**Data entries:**
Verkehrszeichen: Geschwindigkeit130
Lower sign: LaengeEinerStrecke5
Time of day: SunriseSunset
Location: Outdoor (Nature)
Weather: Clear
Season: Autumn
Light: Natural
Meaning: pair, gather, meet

---

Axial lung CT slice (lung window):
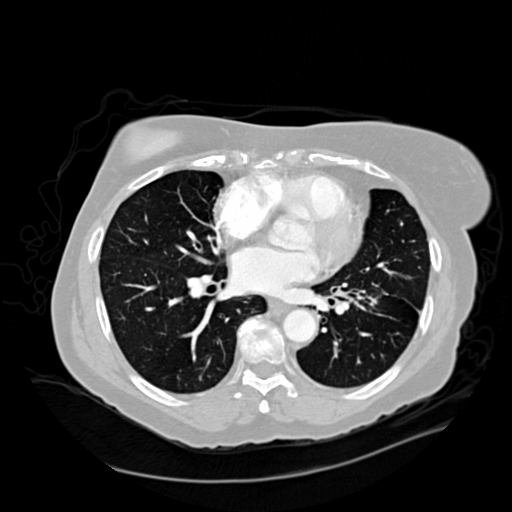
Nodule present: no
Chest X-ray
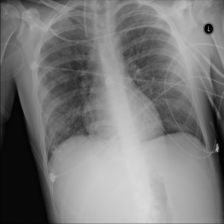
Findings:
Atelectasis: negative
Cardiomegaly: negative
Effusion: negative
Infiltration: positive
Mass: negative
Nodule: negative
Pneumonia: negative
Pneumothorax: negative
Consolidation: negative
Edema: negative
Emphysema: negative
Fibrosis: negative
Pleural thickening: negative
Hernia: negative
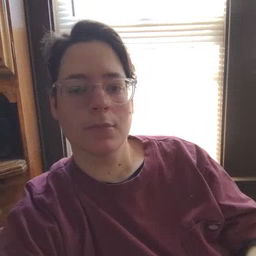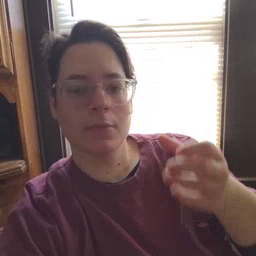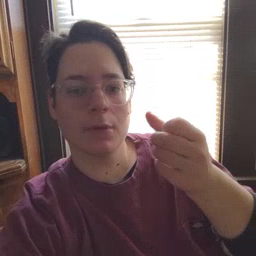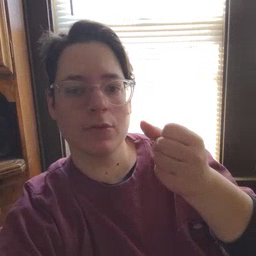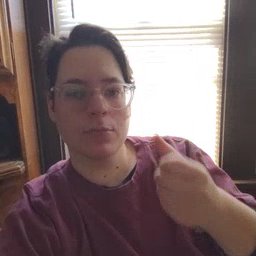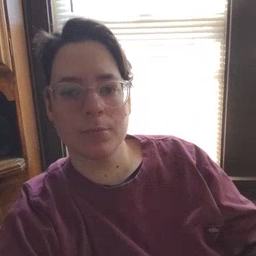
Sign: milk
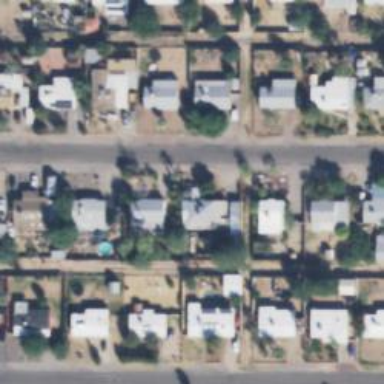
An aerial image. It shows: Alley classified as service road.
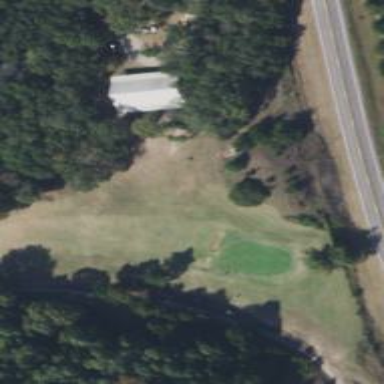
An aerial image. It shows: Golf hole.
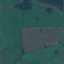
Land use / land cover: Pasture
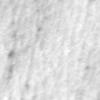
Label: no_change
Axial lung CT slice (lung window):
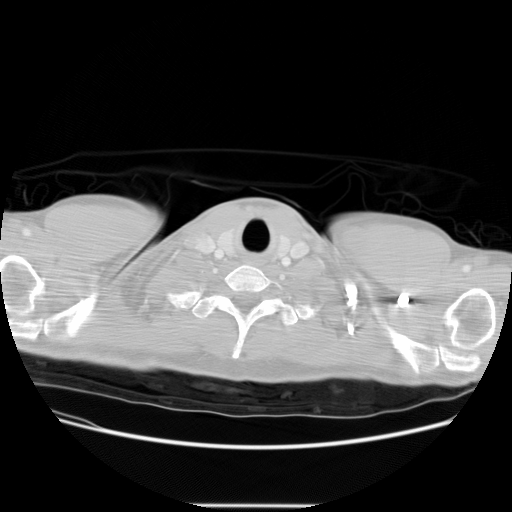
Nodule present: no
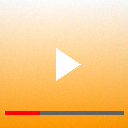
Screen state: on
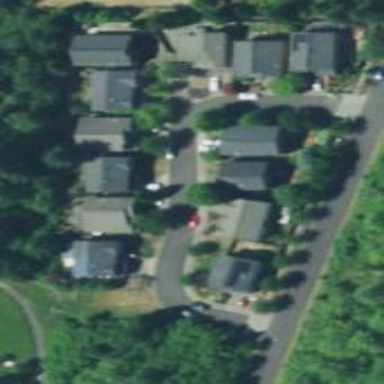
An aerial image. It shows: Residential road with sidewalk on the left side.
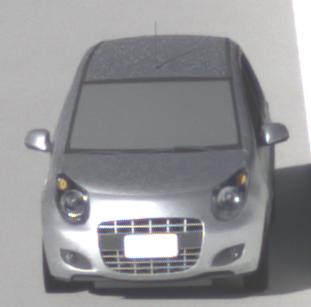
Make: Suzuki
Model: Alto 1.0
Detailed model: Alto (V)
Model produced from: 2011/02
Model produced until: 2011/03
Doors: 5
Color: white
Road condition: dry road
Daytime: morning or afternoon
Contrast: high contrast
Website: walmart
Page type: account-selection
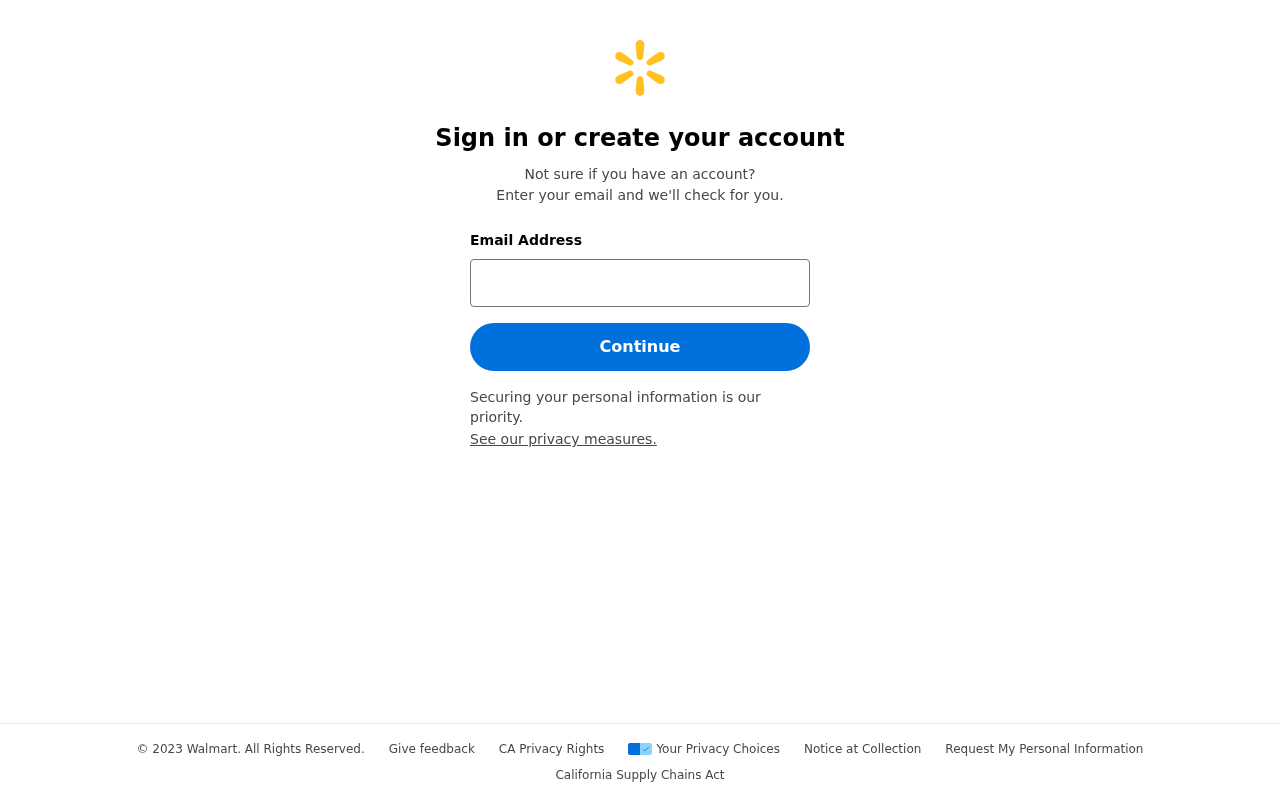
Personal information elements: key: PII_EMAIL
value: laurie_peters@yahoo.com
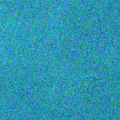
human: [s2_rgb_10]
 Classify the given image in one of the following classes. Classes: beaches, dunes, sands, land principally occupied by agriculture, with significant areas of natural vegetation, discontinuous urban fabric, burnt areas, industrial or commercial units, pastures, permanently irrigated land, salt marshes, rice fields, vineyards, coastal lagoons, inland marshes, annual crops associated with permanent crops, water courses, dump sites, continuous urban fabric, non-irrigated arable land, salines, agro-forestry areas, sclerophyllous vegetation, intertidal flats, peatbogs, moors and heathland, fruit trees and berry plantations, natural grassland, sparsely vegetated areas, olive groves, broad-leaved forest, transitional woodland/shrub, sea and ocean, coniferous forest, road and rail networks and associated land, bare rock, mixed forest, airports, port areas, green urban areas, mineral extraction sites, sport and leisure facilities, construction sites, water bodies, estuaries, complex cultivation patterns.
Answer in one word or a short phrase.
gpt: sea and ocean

**WHAT IS BEING ASKED:** Taking the entries above, copy word for word the lines from the one with "Cardiomegaly: negative" up to and including the one with "human: [s2_rgb_10]", without any picture.

**ANSWER TO THIS TASK:**
Cardiomegaly: negative
Effusion: negative
Infiltration: positive
Mass: negative
Nodule: negative
Pneumonia: negative
Pneumothorax: negative
Consolidation: negative
Edema: negative
Emphysema: negative
Fibrosis: negative
Pleural thickening: negative
Hernia: negative
Sign: milk
An aerial image. It shows: Alley classified as service road.
An aerial image. It shows: Golf hole.
Land use / land cover: Pasture
Label: no_change
Axial lung CT slice (lung window):
Nodule present: no
Screen state: on
An aerial image. It shows: Residential road with sidewalk on the left side.
Make: Suzuki
Model: Alto 1.0
Detailed model: Alto (V)
Model produced from: 2011/02
Model produced until: 2011/03
Doors: 5
Color: white
Road condition: dry road
Daytime: morning or afternoon
Contrast: high contrast
Website: walmart
Page type: account-selection
Personal information elements: key: PII_EMAIL
value: laurie_peters@yahoo.com
human: [s2_rgb_10]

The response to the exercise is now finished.